There were studies using real-time fluorescent quantitative PCR to detect the expression of Alox5 in bone marrow samples from 87 patients with CML (64 patients in chronic phase and 23 patients in advanced phase). Compared with the control group (20 bone marrow specimens from patients with non-hematologic malignancies), there was no significant difference in Alox5 expression levels between the two groups. Moreover, it was not associated with disease progression. The expression of Alox5 in CML and its clinical significance require further validation of multicenter and clinical large samples.

Alox5 and AML

Studies in a model of chronic myeloid leukemia have shown that Alox5 inhibitors also inhibit Wnt signaling. This is not due to Alox5-mediated disruption of lipid signaling, but due to the catalytically active inactive Alox5 form. In view of the fact that cancer stem cell-like cells (CSC) mediate remission of AML, clearing CSC based on Alox5 inhibition may provide a new clinical approach for immediate assessment of AML patients.
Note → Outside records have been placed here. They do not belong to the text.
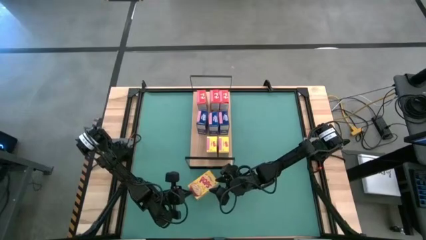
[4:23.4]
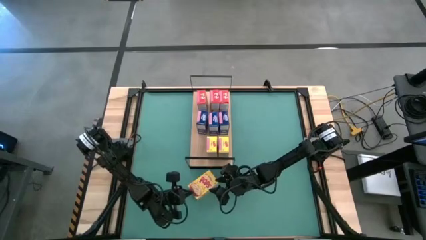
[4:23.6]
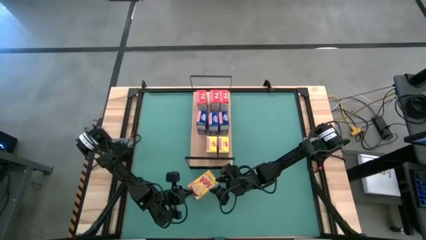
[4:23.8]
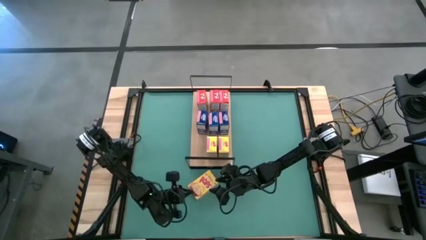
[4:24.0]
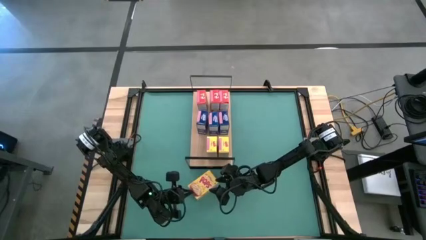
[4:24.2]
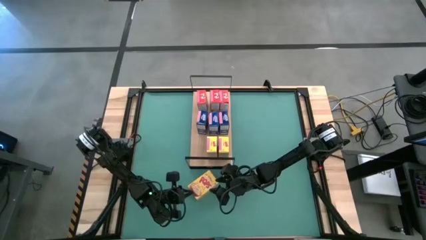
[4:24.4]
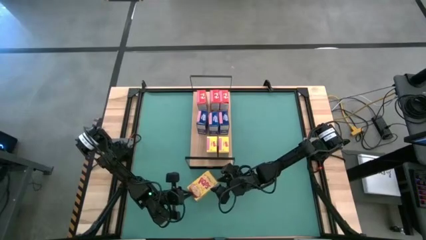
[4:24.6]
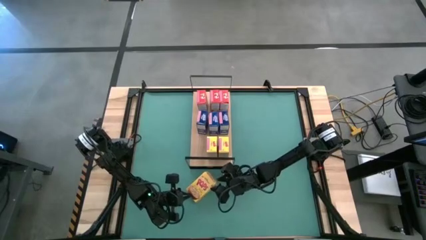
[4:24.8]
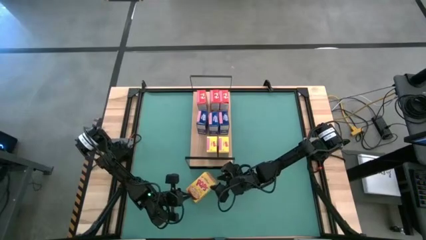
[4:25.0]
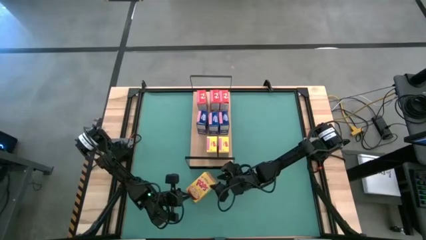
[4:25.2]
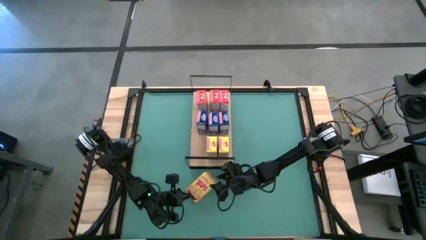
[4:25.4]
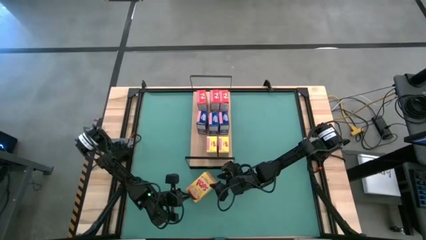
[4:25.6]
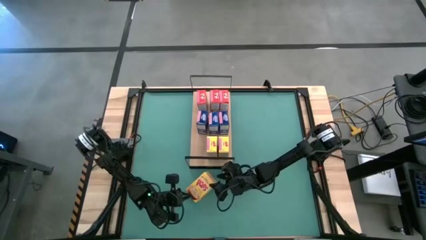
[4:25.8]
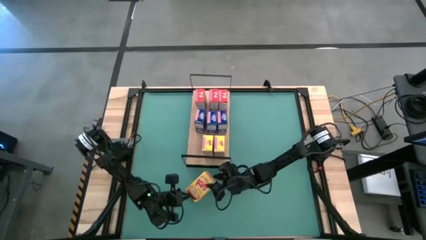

DeKelver et al. transfected runt-related transcription factor 1 (RUNX1)-runt related transcription factor 1 translocated to 1 (RUNX1T1, also known as ETO9a) (RUNX1-RUNX1T1, also known as RE9a) with Alox5+/+ or Alox5-/- mouse bone marrow cells. The time of subculture of Alox5+/+ cells was 13 weeks; the cells of Alox5-/- group were 5 weeks and could produce a little Cell clones of CD11b+. Moreover, control cells which not transfected with RE9a were cultured for 3 weeks. The researchers speculate that Alox5-/- weakens the malignant proliferative potential of RE9a and promotes the self-renewal and differentiation of HSCs. The expression of Alox5, Alox12 and Alox15 mRNA was detected in AML-M (M0, M1 and M2 leukemia) and acute lymphoblastic leukemia (ALL) patients, with the highest abundance of Alox5 mRNA. At the same time, patients with elevated LTB4 were detected, but they had no effect on leukemia cell growth and apoptosis. The researchers speculated that leukemia cell-derived LTB4 enhances and prolongs inflammatory damage by regulating the bone marrow microenvironment and initiating a cytokine network. Thus, the clinical significance and mechanism of Alox5 in AML need further study.

References:

  1. Tsai, M. Y., Cao, J., Steffen, B. T., Weir, N. L., Rich, S. S., & Liang, S., et al. (2016). 5‐lipoxygenase gene variants are not associated with atherosclerosis or incident coronary heart disease in the multi‐ethnic study of atherosclerosis cohort. Journal of the American Heart Association Cardiovascular & Cerebrovascular Disease, 5(3), e002814.
  2. Lucas, C. M., Harris, R. J., Giannoudis, A., Mcdonald, E., & Clark, R. E. (2014). Low leukotriene b4 receptor 1 leads to alox5 downregulation at diagnosis of chronic myeloid leukemia. Haematologica, 99(11), 1710-5.
  3. Roos, J., Oancea, C., Heinssmann, M., Khan, D., Held, H., & Kahnt, A. S., et al. (2014). 5-lipoxygenase is a candidate target for therapeutic management of stem cell-like cells in acute myeloid leukemia. Cancer Research, 74(18), 5244.
  4. Dekelver, R. C., Lewin, B., Lam, K., Komeno, Y., Yan, M., & Rundle, C., et al. (2013). Cooperation between runx1-eto9a and novel transcriptional partner klf6 in upregulation of alox5 in acute myeloid leukemia. Plos Genetics, 9(10), e1003765.
  5. Hamad, A., Sahli, Z., El, S. M., Mouteirik, M., & Nasr, R. (2013). Emerging therapeutic strategies for targeting chronic myeloid leukemia stem cells. Stem Cells International, 2013, 724360.